- **YOUR GOAL**
Up to and including the line that contains "ကျွန်မ ပြန်တော့မည်။", return every line from the start of the data, unchanged.
══ SUPPLIED DATA ══
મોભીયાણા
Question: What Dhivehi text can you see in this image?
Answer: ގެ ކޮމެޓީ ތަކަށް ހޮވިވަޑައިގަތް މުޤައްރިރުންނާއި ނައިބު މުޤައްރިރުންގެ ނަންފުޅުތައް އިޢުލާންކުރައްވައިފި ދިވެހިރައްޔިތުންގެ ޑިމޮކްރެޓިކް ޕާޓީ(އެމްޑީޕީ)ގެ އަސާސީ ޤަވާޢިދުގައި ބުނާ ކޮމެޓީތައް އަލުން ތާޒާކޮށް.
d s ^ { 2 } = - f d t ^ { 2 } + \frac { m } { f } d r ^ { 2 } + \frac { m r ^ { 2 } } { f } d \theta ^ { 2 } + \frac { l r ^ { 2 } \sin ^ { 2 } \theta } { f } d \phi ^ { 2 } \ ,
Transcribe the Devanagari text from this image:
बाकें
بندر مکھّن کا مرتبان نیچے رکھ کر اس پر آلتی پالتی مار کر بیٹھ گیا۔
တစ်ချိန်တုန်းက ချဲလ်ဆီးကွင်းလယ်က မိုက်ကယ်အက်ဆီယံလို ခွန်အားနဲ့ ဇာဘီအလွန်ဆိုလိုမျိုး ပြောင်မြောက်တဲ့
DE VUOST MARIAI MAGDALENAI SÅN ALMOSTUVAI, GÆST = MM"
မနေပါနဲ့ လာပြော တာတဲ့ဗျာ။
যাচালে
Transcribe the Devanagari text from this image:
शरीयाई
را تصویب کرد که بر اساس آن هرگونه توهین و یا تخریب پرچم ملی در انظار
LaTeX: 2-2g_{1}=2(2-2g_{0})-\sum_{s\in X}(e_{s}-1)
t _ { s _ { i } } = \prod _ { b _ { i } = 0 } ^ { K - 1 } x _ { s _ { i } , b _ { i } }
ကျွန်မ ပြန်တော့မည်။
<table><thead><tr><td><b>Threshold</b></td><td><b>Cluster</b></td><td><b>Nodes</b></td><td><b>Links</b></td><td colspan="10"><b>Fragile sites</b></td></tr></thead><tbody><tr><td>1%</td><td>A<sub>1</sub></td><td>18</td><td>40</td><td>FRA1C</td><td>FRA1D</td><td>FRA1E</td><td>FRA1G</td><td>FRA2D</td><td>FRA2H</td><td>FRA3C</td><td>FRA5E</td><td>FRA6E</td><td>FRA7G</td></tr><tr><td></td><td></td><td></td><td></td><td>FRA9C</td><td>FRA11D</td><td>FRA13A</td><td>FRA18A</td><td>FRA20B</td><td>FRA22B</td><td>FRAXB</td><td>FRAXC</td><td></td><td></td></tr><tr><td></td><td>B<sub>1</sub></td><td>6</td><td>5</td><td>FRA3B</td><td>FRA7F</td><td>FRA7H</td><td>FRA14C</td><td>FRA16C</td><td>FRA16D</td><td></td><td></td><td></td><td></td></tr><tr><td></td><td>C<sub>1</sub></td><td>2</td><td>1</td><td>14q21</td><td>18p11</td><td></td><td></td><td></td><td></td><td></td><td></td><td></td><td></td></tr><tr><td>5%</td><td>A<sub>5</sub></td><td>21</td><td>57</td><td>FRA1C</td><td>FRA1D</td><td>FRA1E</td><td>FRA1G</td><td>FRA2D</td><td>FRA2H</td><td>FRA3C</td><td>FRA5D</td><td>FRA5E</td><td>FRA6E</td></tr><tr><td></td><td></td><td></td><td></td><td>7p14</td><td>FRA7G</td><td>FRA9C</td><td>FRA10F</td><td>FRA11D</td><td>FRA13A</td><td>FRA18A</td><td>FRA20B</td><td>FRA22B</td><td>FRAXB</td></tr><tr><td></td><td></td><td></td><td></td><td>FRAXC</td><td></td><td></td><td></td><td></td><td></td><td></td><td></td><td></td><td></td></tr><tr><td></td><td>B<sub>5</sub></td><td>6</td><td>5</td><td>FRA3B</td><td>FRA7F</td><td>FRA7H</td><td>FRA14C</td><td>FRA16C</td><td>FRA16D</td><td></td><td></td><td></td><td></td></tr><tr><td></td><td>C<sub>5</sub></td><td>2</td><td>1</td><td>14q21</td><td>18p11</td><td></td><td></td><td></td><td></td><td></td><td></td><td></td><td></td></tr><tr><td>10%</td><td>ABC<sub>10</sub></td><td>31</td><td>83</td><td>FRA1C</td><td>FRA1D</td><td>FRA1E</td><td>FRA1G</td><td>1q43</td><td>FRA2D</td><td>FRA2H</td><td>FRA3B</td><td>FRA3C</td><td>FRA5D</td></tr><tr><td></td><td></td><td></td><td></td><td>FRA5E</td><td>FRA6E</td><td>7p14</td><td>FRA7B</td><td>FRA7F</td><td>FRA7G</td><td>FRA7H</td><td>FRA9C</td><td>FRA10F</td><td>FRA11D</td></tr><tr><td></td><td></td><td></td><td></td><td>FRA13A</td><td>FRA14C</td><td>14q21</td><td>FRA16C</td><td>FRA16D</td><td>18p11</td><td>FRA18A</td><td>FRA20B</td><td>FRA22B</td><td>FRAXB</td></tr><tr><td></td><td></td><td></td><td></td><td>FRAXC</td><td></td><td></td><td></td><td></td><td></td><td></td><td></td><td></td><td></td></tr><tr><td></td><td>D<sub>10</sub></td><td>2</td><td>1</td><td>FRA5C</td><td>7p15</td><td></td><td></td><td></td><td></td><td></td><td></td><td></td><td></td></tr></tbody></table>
═══
- **TASK ANSWER**
મોભીયાણા
Question: What Dhivehi text can you see in this image?
Answer: ގެ ކޮމެޓީ ތަކަށް ހޮވިވަޑައިގަތް މުޤައްރިރުންނާއި ނައިބު މުޤައްރިރުންގެ ނަންފުޅުތައް އިޢުލާންކުރައްވައިފި ދިވެހިރައްޔިތުންގެ ޑިމޮކްރެޓިކް ޕާޓީ(އެމްޑީޕީ)ގެ އަސާސީ ޤަވާޢިދުގައި ބުނާ ކޮމެޓީތައް އަލުން ތާޒާކޮށް.
d s ^ { 2 } = - f d t ^ { 2 } + \frac { m } { f } d r ^ { 2 } + \frac { m r ^ { 2 } } { f } d \theta ^ { 2 } + \frac { l r ^ { 2 } \sin ^ { 2 } \theta } { f } d \phi ^ { 2 } \ ,
Transcribe the Devanagari text from this image:
बाकें
بندر مکھّن کا مرتبان نیچے رکھ کر اس پر آلتی پالتی مار کر بیٹھ گیا۔
တစ်ချိန်တုန်းက ချဲလ်ဆီးကွင်းလယ်က မိုက်ကယ်အက်ဆီယံလို ခွန်အားနဲ့ ဇာဘီအလွန်ဆိုလိုမျိုး ပြောင်မြောက်တဲ့
DE VUOST MARIAI MAGDALENAI SÅN ALMOSTUVAI, GÆST = MM"
မနေပါနဲ့ လာပြော တာတဲ့ဗျာ။
যাচালে
Transcribe the Devanagari text from this image:
शरीयाई
را تصویب کرد که بر اساس آن هرگونه توهین و یا تخریب پرچم ملی در انظار
LaTeX: 2-2g_{1}=2(2-2g_{0})-\sum_{s\in X}(e_{s}-1)
t _ { s _ { i } } = \prod _ { b _ { i } = 0 } ^ { K - 1 } x _ { s _ { i } , b _ { i } }
ကျွန်မ ပြန်တော့မည်။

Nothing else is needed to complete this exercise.